Thursday was my first day back with HP. I've joined Steve Geary's group to work on Linux support for “the machine”
I had a great time at Intel and wish my old team all the best.
First sequel to my Link Pack “series” (I’ll remove the quotes when it’s LP#05): Link Pack #01.
This time I’m going for fewer articles, to try to keep things less overwhelming. There’s no special theme, and I’m actually leaving out some nice things I read recently. On the plus side, that means I have good material for a Link Pack #03.
Also, I’m gonna stick with Link Pack as a name, because it’s good enough :-).
A Teenager’s View on Social Media: Written by an actual teen
A well thought and realistic take on how social media is being used nowadays by teenagers. I have seen the patterns the author describes, and actually follow many of them. Does that mean I’m still a teenager?
It’s interesting that the messaging and group-messaging part of the article is very US centric, or at least very US centric from my point of view.
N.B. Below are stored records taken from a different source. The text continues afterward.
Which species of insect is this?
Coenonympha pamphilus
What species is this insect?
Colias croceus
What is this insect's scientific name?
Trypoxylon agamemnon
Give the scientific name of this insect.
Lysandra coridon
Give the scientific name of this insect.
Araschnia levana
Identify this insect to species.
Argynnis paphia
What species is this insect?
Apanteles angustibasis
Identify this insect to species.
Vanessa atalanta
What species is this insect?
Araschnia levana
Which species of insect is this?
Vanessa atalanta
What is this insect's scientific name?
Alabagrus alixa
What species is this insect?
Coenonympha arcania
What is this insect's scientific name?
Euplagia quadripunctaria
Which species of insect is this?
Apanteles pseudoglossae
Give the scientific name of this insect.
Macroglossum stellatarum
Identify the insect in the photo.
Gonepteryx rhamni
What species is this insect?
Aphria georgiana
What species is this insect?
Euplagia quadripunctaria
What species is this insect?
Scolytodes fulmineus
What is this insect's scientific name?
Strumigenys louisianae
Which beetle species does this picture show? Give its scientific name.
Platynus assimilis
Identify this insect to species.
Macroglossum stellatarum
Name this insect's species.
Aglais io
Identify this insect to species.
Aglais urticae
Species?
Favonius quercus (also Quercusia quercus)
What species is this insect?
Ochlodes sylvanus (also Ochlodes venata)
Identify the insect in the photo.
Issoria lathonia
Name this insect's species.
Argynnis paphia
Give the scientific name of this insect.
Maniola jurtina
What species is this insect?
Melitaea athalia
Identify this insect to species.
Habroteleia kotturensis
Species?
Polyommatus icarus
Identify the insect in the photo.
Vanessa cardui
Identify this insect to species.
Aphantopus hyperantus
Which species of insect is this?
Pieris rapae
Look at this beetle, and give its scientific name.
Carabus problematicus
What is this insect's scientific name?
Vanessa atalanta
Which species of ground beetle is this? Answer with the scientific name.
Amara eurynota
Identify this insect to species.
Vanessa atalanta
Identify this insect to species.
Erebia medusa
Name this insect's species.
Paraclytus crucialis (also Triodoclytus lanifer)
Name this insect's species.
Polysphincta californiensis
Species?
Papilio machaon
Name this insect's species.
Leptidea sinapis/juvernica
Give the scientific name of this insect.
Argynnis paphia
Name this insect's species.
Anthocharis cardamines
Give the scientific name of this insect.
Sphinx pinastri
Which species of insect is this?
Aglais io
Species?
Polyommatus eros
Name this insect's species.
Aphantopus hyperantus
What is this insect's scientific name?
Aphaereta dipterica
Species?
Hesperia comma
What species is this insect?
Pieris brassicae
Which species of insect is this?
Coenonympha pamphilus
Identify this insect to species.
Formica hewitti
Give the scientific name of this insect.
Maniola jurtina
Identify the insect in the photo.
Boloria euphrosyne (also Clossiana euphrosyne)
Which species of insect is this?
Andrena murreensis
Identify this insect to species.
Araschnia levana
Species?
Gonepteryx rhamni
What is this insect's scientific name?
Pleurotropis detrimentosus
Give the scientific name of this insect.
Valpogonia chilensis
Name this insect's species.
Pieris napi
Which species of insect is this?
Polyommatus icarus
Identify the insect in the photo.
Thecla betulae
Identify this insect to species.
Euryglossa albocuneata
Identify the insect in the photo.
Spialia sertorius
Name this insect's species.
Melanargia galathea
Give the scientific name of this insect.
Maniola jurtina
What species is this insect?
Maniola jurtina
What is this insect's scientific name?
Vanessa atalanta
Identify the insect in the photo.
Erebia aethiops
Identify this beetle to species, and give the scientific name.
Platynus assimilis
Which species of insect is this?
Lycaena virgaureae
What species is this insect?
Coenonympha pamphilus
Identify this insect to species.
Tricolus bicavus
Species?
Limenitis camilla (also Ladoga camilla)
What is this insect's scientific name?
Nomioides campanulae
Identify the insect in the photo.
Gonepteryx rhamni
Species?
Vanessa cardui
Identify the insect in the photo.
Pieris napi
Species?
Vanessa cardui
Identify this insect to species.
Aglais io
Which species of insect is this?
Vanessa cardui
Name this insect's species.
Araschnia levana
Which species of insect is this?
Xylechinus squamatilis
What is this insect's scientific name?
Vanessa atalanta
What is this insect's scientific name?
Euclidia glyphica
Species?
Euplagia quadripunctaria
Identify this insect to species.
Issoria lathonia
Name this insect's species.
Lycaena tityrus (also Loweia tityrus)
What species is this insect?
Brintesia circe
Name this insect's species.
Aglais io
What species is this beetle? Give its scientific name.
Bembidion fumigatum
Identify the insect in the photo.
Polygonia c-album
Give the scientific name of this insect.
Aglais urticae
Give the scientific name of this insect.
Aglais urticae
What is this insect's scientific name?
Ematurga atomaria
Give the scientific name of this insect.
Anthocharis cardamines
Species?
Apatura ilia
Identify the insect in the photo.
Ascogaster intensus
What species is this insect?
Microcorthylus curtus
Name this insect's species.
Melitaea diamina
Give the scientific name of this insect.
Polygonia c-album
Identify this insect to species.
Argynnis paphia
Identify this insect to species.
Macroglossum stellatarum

WhatsApp is the default messenger application south of the states, and fills the role of “somewhere you can chat with people without having to give them your full personal information”, that is, a place where you can chat with someone without running out of SMS and without adding them on Facebook (which would open them to stalk your whole profile and other friends). Some carriers in South América offer unlimited plans for specific applications like WhatsApp.
What Would Jesus Buy? (2007) — Full movie
“Reverend” Billy Talen from the Church of Stop Shopping Gospel is trying to prevent the Shopocalypse from happening. It’s an entertaining story of a group of funny guys and girls trying to share a message with comedy (that means A+ on my list). Simple and independent, a nice film.
13 Nutrition Lies That Made The World Sick And Fat
A pet peeve of mine. Nutrition is not really that complicated, but unfortunately there are a lot of myths that make people take really bad decisions. If you only read one thing in 2014 2015, read this.
Bottom Line: The low-fat, high-carb diet recommended by the mainstream nutrition organizations is a miserable failure and has been repeatedly proven to be ineffective.
Bottom Line: Low-carb diets are the easiest, healthiest and most effective way to lose weight and reverse metabolic disease. It is pretty much a scientific fact at this point.
GM’s hit and run: How a lawyer, mechanic, and engineer blew open the worst auto scandal in history
Cars are so complex nowadays, and dependent on electronics, that I’m honestly afraid of them. I have made software for many years and I know how hard, impossible, it is to get things “perfect”. I can’t imagine how hard it is for something so critical as brakes, steering wheels, etc. Even cameras can’t get focus right some times, and it’s been many many years.
Countless articles have been written about General Motors and its massive recalls earlier this year. What hasn’t been fully told is how GM might have gotten away with multiple counts of consumercide were it not for the efforts of three men: a Georgia lawyer, a Mississippi mechanic, and a Florida engineer.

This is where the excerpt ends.